Location
- 115 Airport Road Varnville, Hampton County, South Carolina 29944 United States
- Coordinates: 32°51′32″N 81°05′20″W﻿ / ﻿32.8589°N 81.0890°W

Information
- Type: Public high school
- Founded: 2023 (as a consolidation of Wade Hampton High School and Estill High School)
- Oversight: Hampton County School District
- Superintendent: Dr. Glenda Sheffield
- Principal: Cassandra Williams
- Teaching staff: 34.87 (FTE)
- Grades: 9–12
- Enrollment: 617 (2024–2025)
- Student to teacher ratio: 17.69
- Campus type: Rural
- Colors: Royal Blue and white
- Mascot: Hampton County Hurricane
- Communities served: Hampton, Varnville
- Feeder schools: Estill Middle North District Middle Ben Hazel Primary Brunson Elementary Fennell Elementary Estill Elementary Hampton Elementary Varnville Elementary
- Website: hchs.hcsdsc.org

= Hampton County High School =

Hampton County High School is a public high school within Hampton County School District, located between the towns of Hampton and Varnville, South Carolina, United States. The high school serves students in those communities in addition to students living in rural areas of northern and eastern Hampton County. The school served 719 students in the 2011–2012 school year. In August 2023, we have seen a significant change in the education scene of Hampton County. The well-known Wade Hampton High School has undergone a name change. This alteration is due to a merger with the neighboring Estill High School, leading to the formation of the new Hampton County High School. This establishment now has the unique distinction of being the sole public high school serving the community within Hampton County.

Hampton County High School was founded in 2023 as a consolidation of Wade Hampton High School in Varnville and Estill High School in Estill.

==Academics==

In 2012, the average student-teacher ratio in core subjects was 24.9 students for every 1 teacher.
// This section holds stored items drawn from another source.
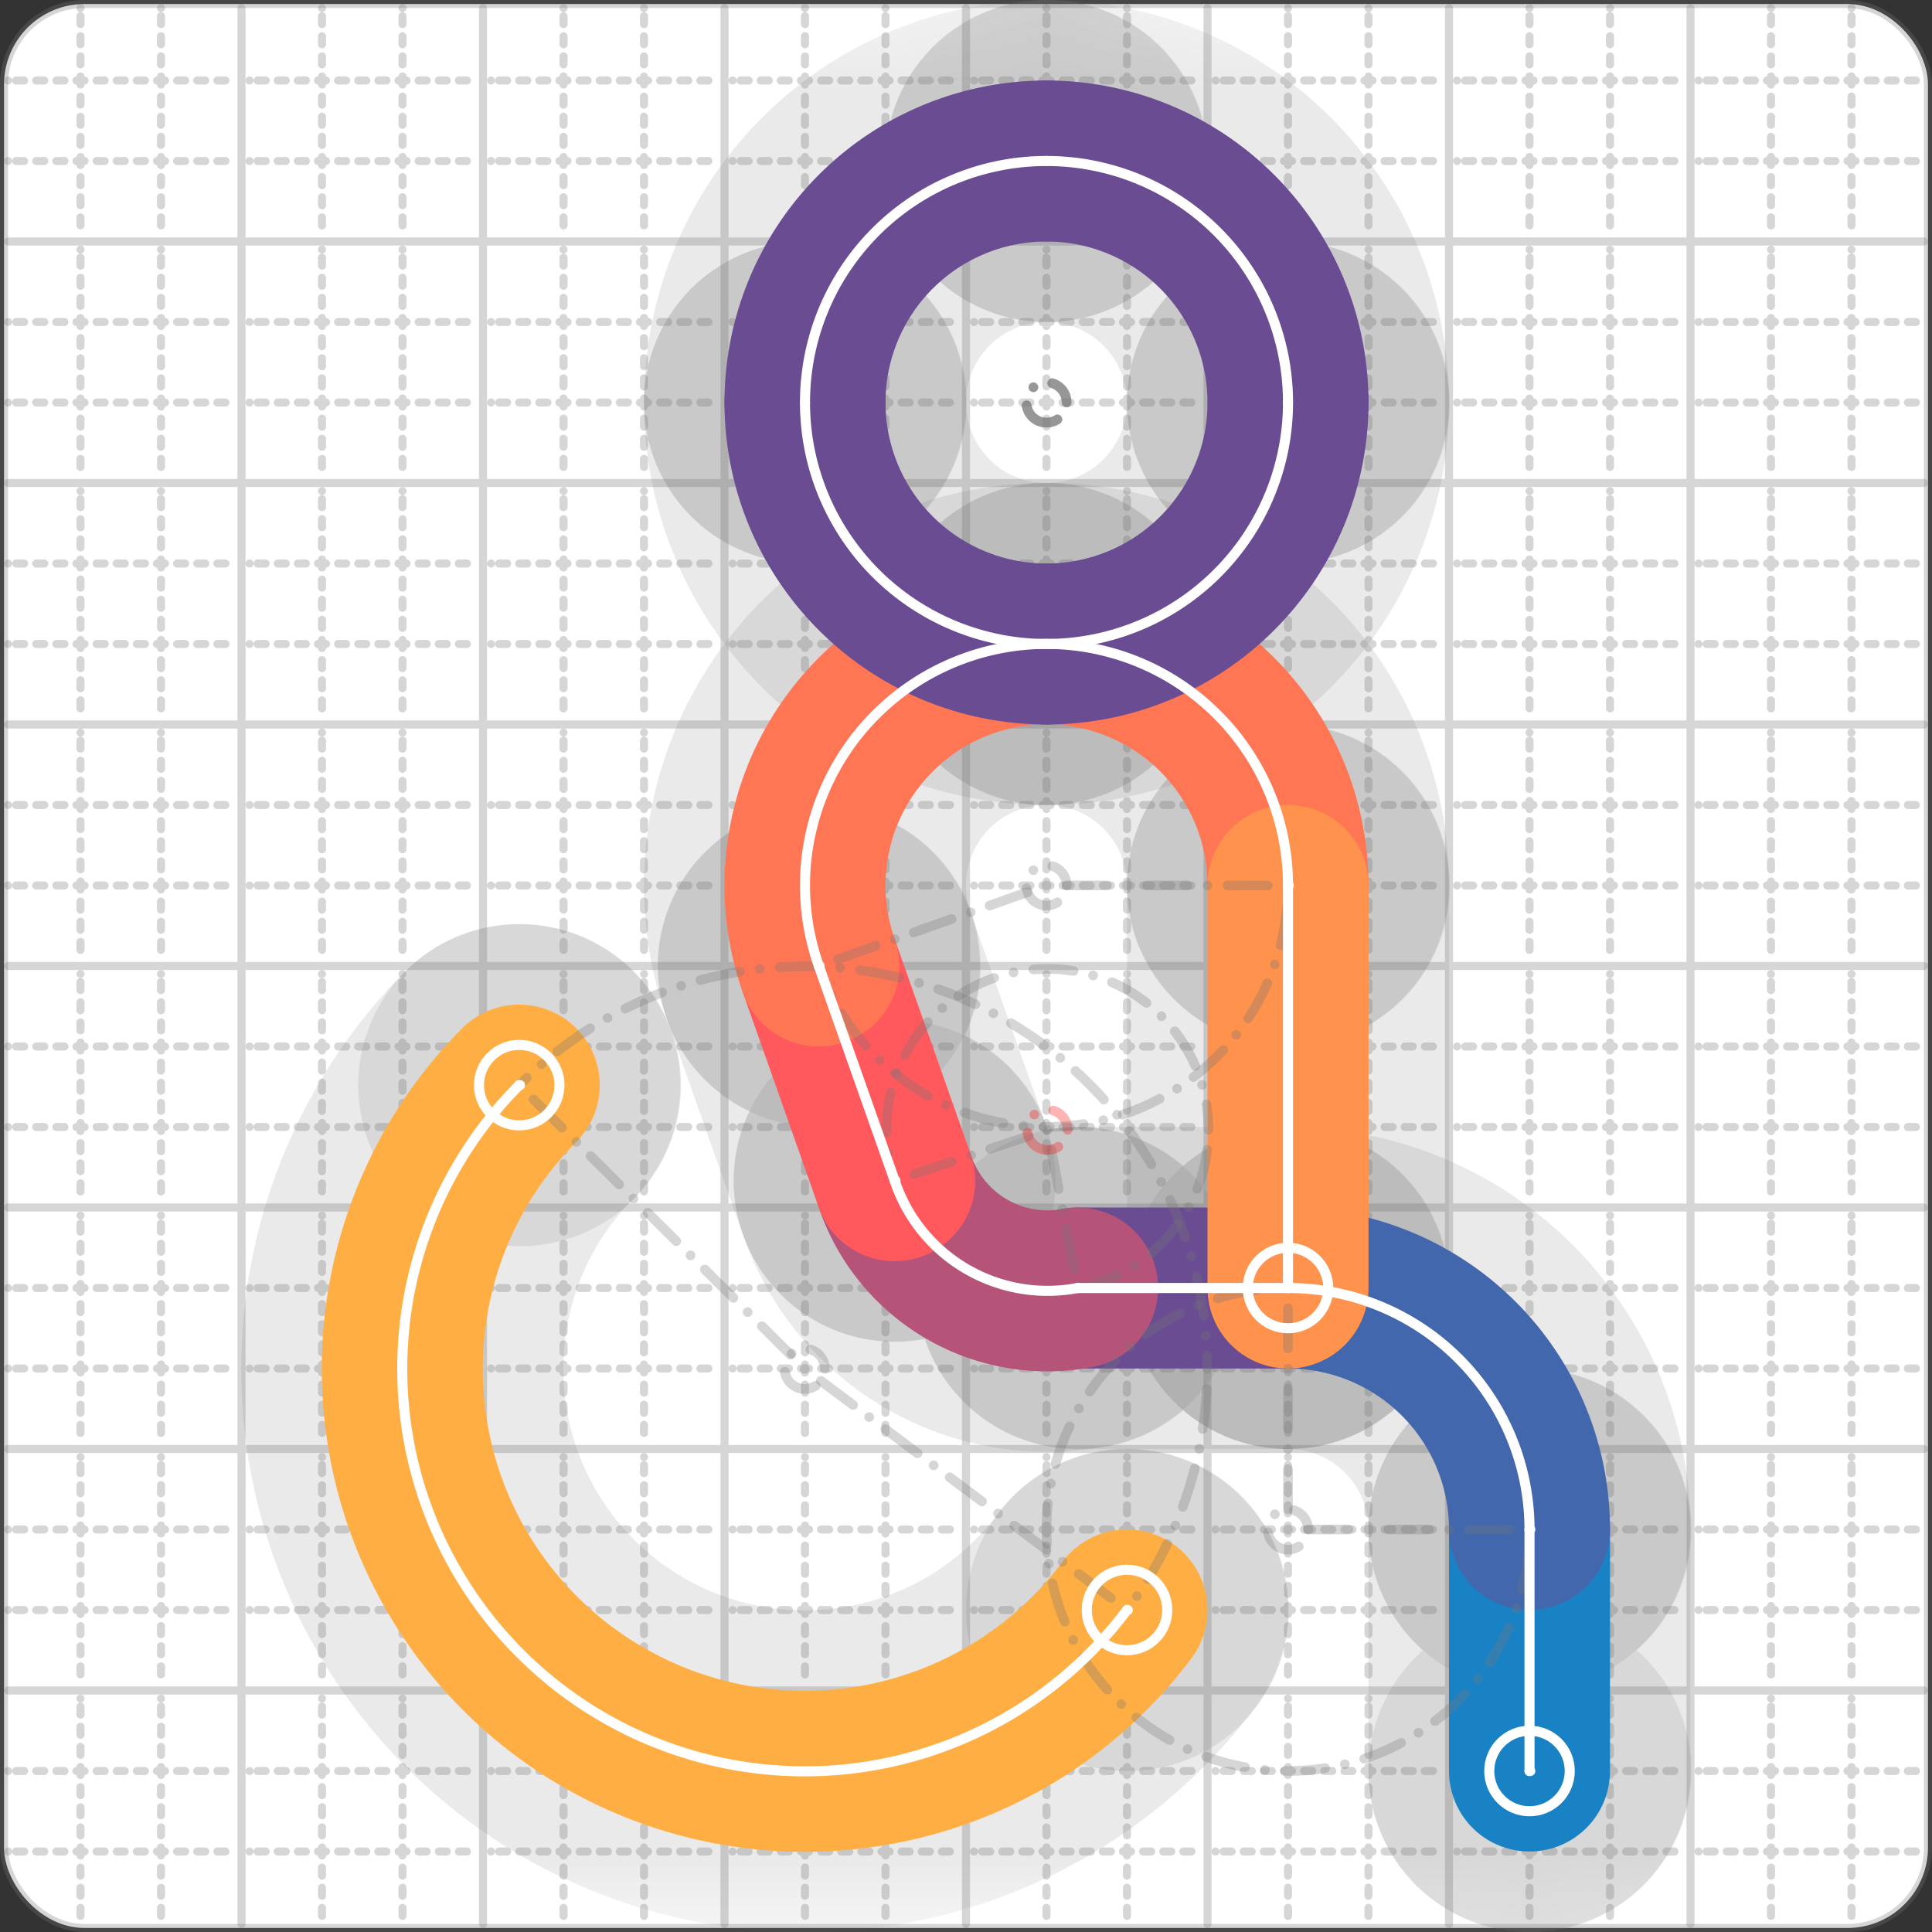 <svg xmlns="http://www.w3.org/2000/svg" width="24" height="24" viewBox="0 0 24 24" fill="none" stroke="currentColor" stroke-width="2" stroke-linecap="round" stroke-linejoin="round"><rect x="0" y="0" width="24" height="24" fill="#333333" stroke="none"/><style>
  @media screen and (prefers-color-scheme: light) {
    .svg-preview-grid-rect { fill: none }
  }
  @media screen and (prefers-color-scheme: dark) {
    .svg-preview-grid-rect { fill: none }
    .svg
    .svg-preview-grid-group,
    .svg-preview-radii-group,
    .svg-preview-shadow-mask-group,
    .svg-preview-shadow-group {
      stroke: #fff;
    }
  }
</style><g class="svg-preview-grid-group" stroke-linecap="butt" stroke-width="0.1" stroke="#777" stroke-opacity="0.3"><rect class="svg-preview-grid-rect" width="23.9" height="23.9" x="0.05" y="0.05" rx="1" fill="#fff"></rect><path stroke-dasharray="0 0.1 0.1 0.15 0.1 0.15 0.1 0.15 0.1 0.15 0.1 0.15 0.1 0.15 0.1 0.15 0.1 0.15 0.1 0.15 0.1 0.15 0.1 0.15 0 0.15" stroke-width="0.1" d="M0.1 1h23.8M1 0.1v23.8M0.1 2h23.8M2 0.1v23.8M0.1 4h23.8M4 0.1v23.8M0.1 5h23.8M5 0.1v23.8M0.1 7h23.8M7 0.1v23.8M0.1 8h23.8M8 0.1v23.8M0.1 10h23.8M10 0.1v23.8M0.1 11h23.8M11 0.1v23.8M0.1 13h23.8M13 0.1v23.8M0.1 14h23.8M14 0.1v23.8M0.1 16h23.8M16 0.1v23.8M0.1 17h23.8M17 0.1v23.8M0.1 19h23.8M19 0.1v23.8M0.1 20h23.8M20 0.1v23.8M0.1 22h23.8M22 0.1v23.8M0.1 23h23.8M23 0.1v23.8"></path><path d="M0.1 3h23.8M3 0.1v23.8M0.1 6h23.8M6 0.1v23.8M0.1 9h23.8M9 0.1v23.8M0.1 12h23.8M12 0.1v23.8M0.1 15h23.8M15 0.1v23.8M0.1 18h23.8M18 0.1v23.8M0.1 21h23.8M21 0.1v23.8"></path></g><g class="svg-preview-shadow-mask-group" stroke-width="4" stroke="#777" stroke-opacity="0.15"><mask id="svg-preview-shadow-mask-0" maskUnits="userSpaceOnUse" stroke-opacity="1" stroke-width="4" stroke="#000"><rect x="0" y="0" width="24" height="24" fill="#fff" stroke="none" rx="1"></rect><path d="M19 22h.01M19 19h.01M16 16h.01M13.386 16h.01M11.114 14.667h.01M10.172 12h.01M16 11h.01"></path></mask><mask id="svg-preview-shadow-mask-1" maskUnits="userSpaceOnUse" stroke-opacity="1" stroke-width="4" stroke="#000"><rect x="0" y="0" width="24" height="24" fill="#fff" stroke="none" rx="1"></rect><path d="M6.45 13.48h.01M14 20h.01"></path></mask><mask id="svg-preview-shadow-mask-2" maskUnits="userSpaceOnUse" stroke-opacity="1" stroke-width="4" stroke="#000"><rect x="0" y="0" width="24" height="24" fill="#fff" stroke="none" rx="1"></rect><path d="M13 2h.01M16 5h.01M13 8h.01M10 5h.01"></path></mask></g><g class="svg-preview-shadow-group" stroke-width="4" stroke="#777" stroke-opacity="0.15"><path mask="url(#svg-preview-shadow-mask-0)" d="M 19 22 L 19 19"></path><path mask="url(#svg-preview-shadow-mask-0)" d="M 19 19 A3 3 0 0 0 16 16"></path><path mask="url(#svg-preview-shadow-mask-0)" d="M 16 16 L 13.386 16"></path><path mask="url(#svg-preview-shadow-mask-0)" d="M 13.386 16 A2 2 0 0 1 11.114 14.667"></path><path mask="url(#svg-preview-shadow-mask-0)" d="M 11.114 14.667 L 10.172 12"></path><path mask="url(#svg-preview-shadow-mask-0)" d="M 10.172 12 A3 3 0 1 1 16 11"></path><path mask="url(#svg-preview-shadow-mask-0)" d="M 16 11 L 16 16"></path><path mask="url(#svg-preview-shadow-mask-1)" d="M 6.45 13.48 A5 5 0 1 0 14 20"></path><path mask="url(#svg-preview-shadow-mask-2)" d="M 13 2 A3 3 0 0 1 16 5"></path><path mask="url(#svg-preview-shadow-mask-2)" d="M 16 5 A3 3 0 0 1 13 8"></path><path mask="url(#svg-preview-shadow-mask-2)" d="M 13 8 A3 3 0 0 1 10 5"></path><path mask="url(#svg-preview-shadow-mask-2)" d="M 10 5 A3 3 0 0 1 13 2"></path><path d="M19 22h.01M19 19h.01M16 16h.01M13.386 16h.01M11.114 14.667h.01M10.172 12h.01M16 11h.01M6.45 13.48h.01M14 20h.01M13 2h.01M16 5h.01M13 8h.01M10 5h.01"></path></g><g class="svg-preview-handles-group" stroke-width="0.12" stroke="#777" stroke-opacity="0.6"></g><g class="svg-preview-colored-path-group"><path d="M 19 22 L 19 19" stroke="#1982c4"></path><path d="M 19 19 A3 3 0 0 0 16 16" stroke="#4267AC"></path><path d="M 16 16 L 13.386 16" stroke="#6a4c93"></path><path d="M 13.386 16 A2 2 0 0 1 11.114 14.667" stroke="#B55379"></path><path d="M 11.114 14.667 L 10.172 12" stroke="#FF595E"></path><path d="M 10.172 12 A3 3 0 1 1 16 11" stroke="#FF7655"></path><path d="M 16 11 L 16 16" stroke="#ff924c"></path><path d="M 6.45 13.48 A5 5 0 1 0 14 20" stroke="#FFAE43"></path><path d="M 13 2 A3 3 0 0 1 16 5" stroke="#6a4c93"></path><path d="M 16 5 A3 3 0 0 1 13 8" stroke="#6a4c93"></path><path d="M 13 8 A3 3 0 0 1 10 5" stroke="#6a4c93"></path><path d="M 10 5 A3 3 0 0 1 13 2" stroke="#6a4c93"></path></g><g class="svg-preview-radii-group" stroke-width="0.12" stroke-dasharray="0 0.25 0.25" stroke="#777" stroke-opacity="0.3"><path d="M19 19 16 19 16 16"></path><circle cy="19" cx="16" r="0.25" stroke-dasharray="0"></circle><circle cy="19" cx="16" r="3"></circle><path d="M13.386 16 13.012 14.035 11.114 14.667"></path><circle cy="14.035" cx="13.012" r="0.25" stroke-dasharray="0" stroke="red"></circle><circle cy="14.035" cx="13.012" r="2"></circle><path d="M10.172 12 13 10.999 16 11"></path><circle cy="10.999" cx="13" r="0.25" stroke-dasharray="0"></circle><circle cy="10.999" cx="13" r="3"></circle><path d="M6.45 13.48 9.997 17.004 14 20"></path><circle cy="17.004" cx="9.997" r="0.25" stroke-dasharray="0"></circle><circle cy="17.004" cx="9.997" r="5"></circle><circle cy="5" cx="13" r="0.25" stroke-dasharray="0"></circle><circle cy="5" cx="13" r="3"></circle><circle cy="5" cx="13" r="0.25" stroke-dasharray="0"></circle><circle cy="5" cx="13" r="3"></circle><circle cy="5" cx="13" r="0.25" stroke-dasharray="0"></circle><circle cy="5" cx="13" r="3"></circle><circle cy="5" cx="13" r="0.25" stroke-dasharray="0"></circle><circle cy="5" cx="13" r="3"></circle></g><g class="svg-preview-control-path-marker-mask-group" stroke-width="1" stroke="#000"><mask id="svg-preview-control-path-marker-mask-0" maskUnits="userSpaceOnUse"><rect x="0" y="0" width="24" height="24" fill="#fff" stroke="none" rx="1"></rect><path d="M19 22h.01"></path><path d="M19 19h.01"></path></mask><mask id="svg-preview-control-path-marker-mask-1" maskUnits="userSpaceOnUse"><rect x="0" y="0" width="24" height="24" fill="#fff" stroke="none" rx="1"></rect><path d="M19 19h.01"></path><path d="M16 16h.01"></path></mask><mask id="svg-preview-control-path-marker-mask-2" maskUnits="userSpaceOnUse"><rect x="0" y="0" width="24" height="24" fill="#fff" stroke="none" rx="1"></rect><path d="M16 16h.01"></path><path d="M13.386 16h.01"></path></mask><mask id="svg-preview-control-path-marker-mask-3" maskUnits="userSpaceOnUse"><rect x="0" y="0" width="24" height="24" fill="#fff" stroke="none" rx="1"></rect><path d="M13.386 16h.01"></path><path d="M11.114 14.667h.01"></path></mask><mask id="svg-preview-control-path-marker-mask-4" maskUnits="userSpaceOnUse"><rect x="0" y="0" width="24" height="24" fill="#fff" stroke="none" rx="1"></rect><path d="M11.114 14.667h.01"></path><path d="M10.172 12h.01"></path></mask><mask id="svg-preview-control-path-marker-mask-5" maskUnits="userSpaceOnUse"><rect x="0" y="0" width="24" height="24" fill="#fff" stroke="none" rx="1"></rect><path d="M10.172 12h.01"></path><path d="M16 11h.01"></path></mask><mask id="svg-preview-control-path-marker-mask-6" maskUnits="userSpaceOnUse"><rect x="0" y="0" width="24" height="24" fill="#fff" stroke="none" rx="1"></rect><path d="M16 11h.01"></path><path d="M16 16h.01"></path></mask><mask id="svg-preview-control-path-marker-mask-7" maskUnits="userSpaceOnUse"><rect x="0" y="0" width="24" height="24" fill="#fff" stroke="none" rx="1"></rect><path d="M6.45 13.48h.01"></path><path d="M14 20h.01"></path></mask></g><g class="svg-preview-control-path-group" stroke="#fff" stroke-width="0.125"><path mask="url(#svg-preview-control-path-marker-mask-0)" d="M 19 22 L 19 19"></path><path mask="url(#svg-preview-control-path-marker-mask-1)" d="M 19 19 A3 3 0 0 0 16 16"></path><path mask="url(#svg-preview-control-path-marker-mask-2)" d="M 16 16 L 13.386 16"></path><path mask="url(#svg-preview-control-path-marker-mask-3)" d="M 13.386 16 A2 2 0 0 1 11.114 14.667"></path><path mask="url(#svg-preview-control-path-marker-mask-4)" d="M 11.114 14.667 L 10.172 12"></path><path mask="url(#svg-preview-control-path-marker-mask-5)" d="M 10.172 12 A3 3 0 1 1 16 11"></path><path mask="url(#svg-preview-control-path-marker-mask-6)" d="M 16 11 L 16 16"></path><path mask="url(#svg-preview-control-path-marker-mask-7)" d="M 6.45 13.48 A5 5 0 1 0 14 20"></path><path d="M 13 2 A3 3 0 0 1 16 5"></path><path d="M 16 5 A3 3 0 0 1 13 8"></path><path d="M 13 8 A3 3 0 0 1 10 5"></path><path d="M 10 5 A3 3 0 0 1 13 2"></path></g><g class="svg-preview-control-path-marker-group" stroke="#fff" stroke-width="0.125"><path d="M19 22h.01M19 19h.01M19 19h.01M16 16h.01M16 16h.01M13.386 16h.01M13.386 16h.01M11.114 14.667h.01M11.114 14.667h.01M10.172 12h.01M10.172 12h.01M16 11h.01M16 11h.01M16 16h.01M6.45 13.48h.01M14 20h.01"></path><circle cx="19" cy="22" r="0.5"></circle><circle cx="16" cy="16" r="0.5"></circle><circle cx="6.45" cy="13.48" r="0.5"></circle><circle cx="14" cy="20" r="0.5"></circle></g><g class="svg-preview-handles-group" stroke-width="0.12" stroke="#FFF" stroke-opacity="0.3"></g></svg>

Wade Hampton High School is accredited with the Southern Association of Colleges and Schools (SACS).

==Athletics==
Wade Hampton competes at the Class AAA level in the South Carolina High School League. The school fields teams for boys in football, basketball, cross country, track & field, tennis, and golf; and for girls in cheerleading, volleyball, basketball, cross country, track & field, tennis, and golf. Wade Hampton has historic Class AA rivalries with Bamberg-Earhardt High School, Silver Bluff High School, and Barnwell High School. The school's main proximity rivalries were Estill High School and Allendale-Fairfax High School, both of which compete in Class A and AA respectively. Starting in the 2016-2017 academic year, the school moved up to Class AAA in all sports.